##### Provided data #####

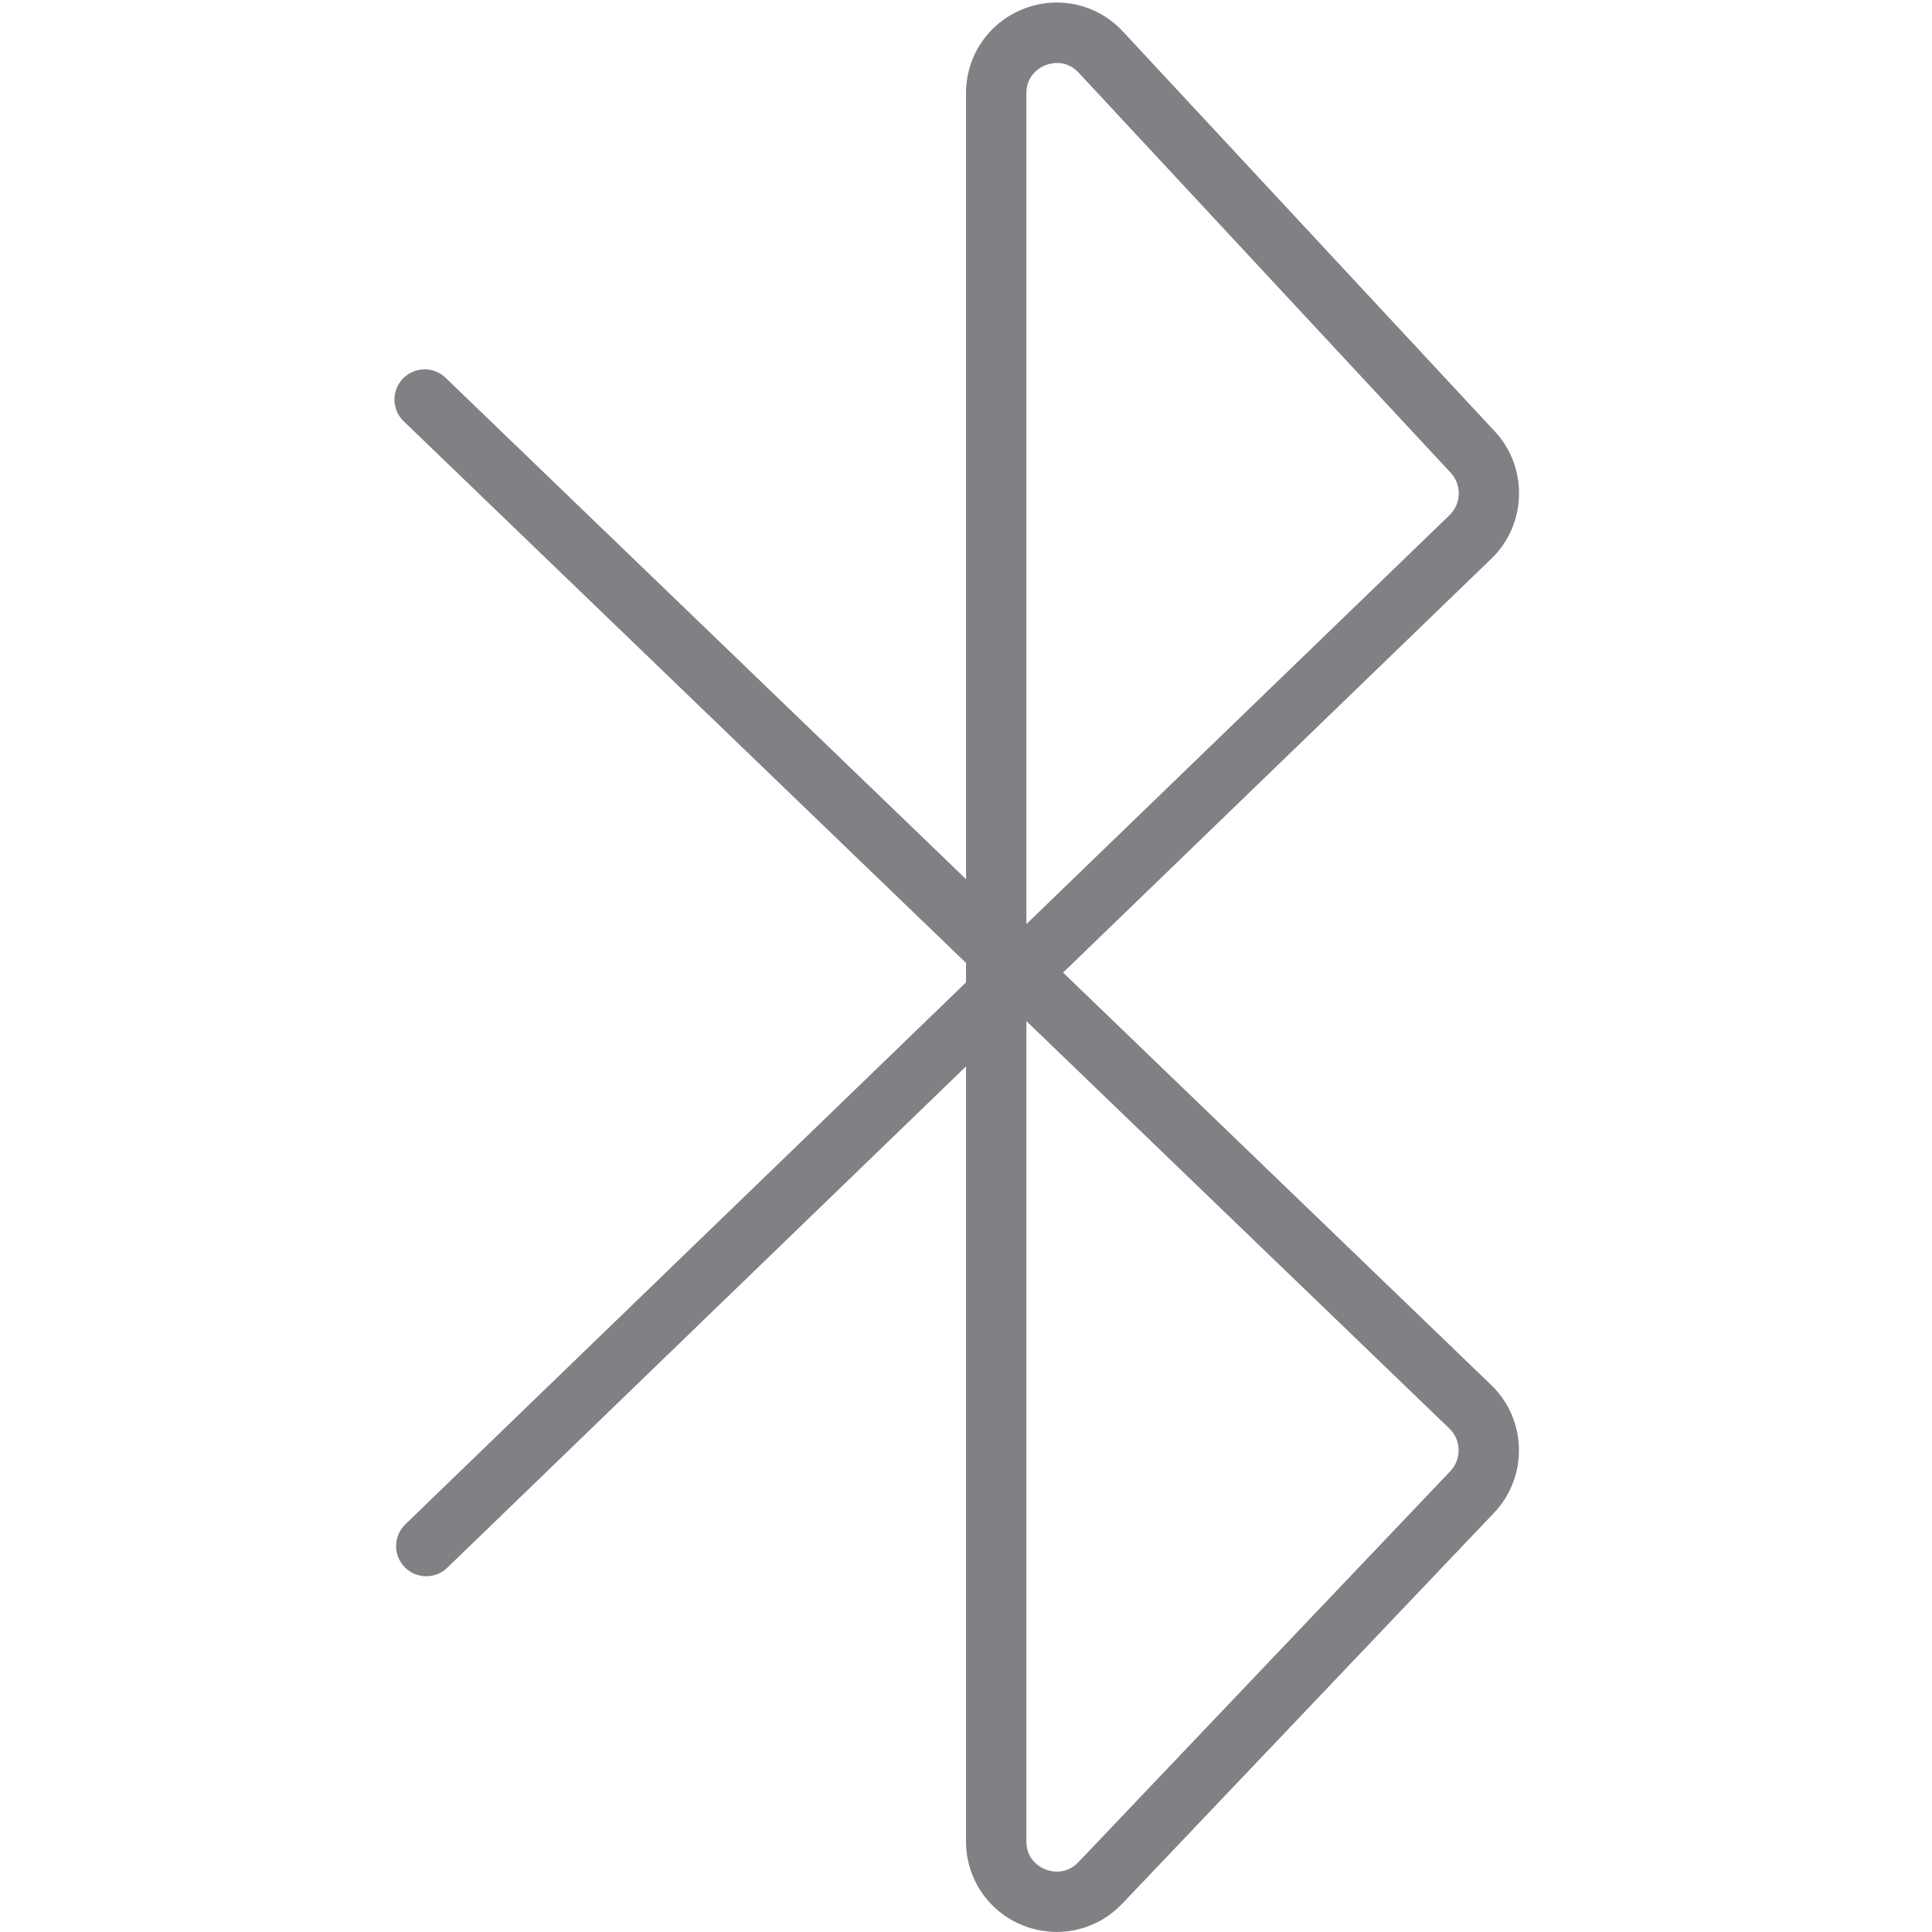 <?xml version="1.0" encoding="utf-8"?>

<!DOCTYPE svg PUBLIC "-//W3C//DTD SVG 1.1//EN" "http://www.w3.org/Graphics/SVG/1.1/DTD/svg11.dtd">
<!-- Uploaded to: SVG Repo, www.svgrepo.com, Generator: SVG Repo Mixer Tools -->
<svg version="1.1" id="Layer_1" xmlns="http://www.w3.org/2000/svg" xmlns:xlink="http://www.w3.org/1999/xlink" 
	 width="800px" height="800px" viewBox="0 0 19 32" enable-background="new 0 0 19 32" xml:space="preserve">
<g>
	<path fill="#808184" d="M9.5,15.949v0.323l-9.287,8.976c-0.198,0.192-0.204,0.508-0.012,0.707s0.508,0.204,0.707,0.012L9.5,17.663
		v12.835c0,0.617,0.37,1.164,0.943,1.393c0.183,0.073,0.373,0.108,0.56,0.108c0.402,0,0.794-0.163,1.084-0.467l6.16-6.476
		c0.566-0.596,0.546-1.544-0.046-2.114l-7.093-6.833l7.098-6.86c0.583-0.564,0.608-1.506,0.056-2.1l-6.163-6.627
		c-0.423-0.456-1.071-0.601-1.647-0.375C9.874,0.375,9.5,0.923,9.5,1.544v13.017L0.88,6.257c-0.198-0.19-0.515-0.186-0.707,0.014
		C-0.019,6.47-0.013,6.786,0.187,6.978L9.5,15.949z M10.5,1.544c0-0.316,0.243-0.436,0.317-0.465
		c0.034-0.013,0.105-0.036,0.193-0.036c0.107,0,0.238,0.034,0.356,0.161l6.163,6.627c0.184,0.198,0.175,0.512-0.019,0.7l-7.01,6.775
		V1.544z M10.5,16.912l7.007,6.75c0.197,0.19,0.204,0.506,0.015,0.705l-6.16,6.476c-0.216,0.227-0.474,0.15-0.548,0.12
		c-0.074-0.029-0.314-0.15-0.314-0.464V16.912z"/>
</g>
</svg>

#####

> **Directions for this task**
Show every line of the listing that includes the word "http".

> **Output**
<!DOCTYPE svg PUBLIC "-//W3C//DTD SVG 1.1//EN" "http://www.w3.org/Graphics/SVG/1.1/DTD/svg11.dtd">
<svg version="1.1" id="Layer_1" xmlns="http://www.w3.org/2000/svg" xmlns:xlink="http://www.w3.org/1999/xlink" 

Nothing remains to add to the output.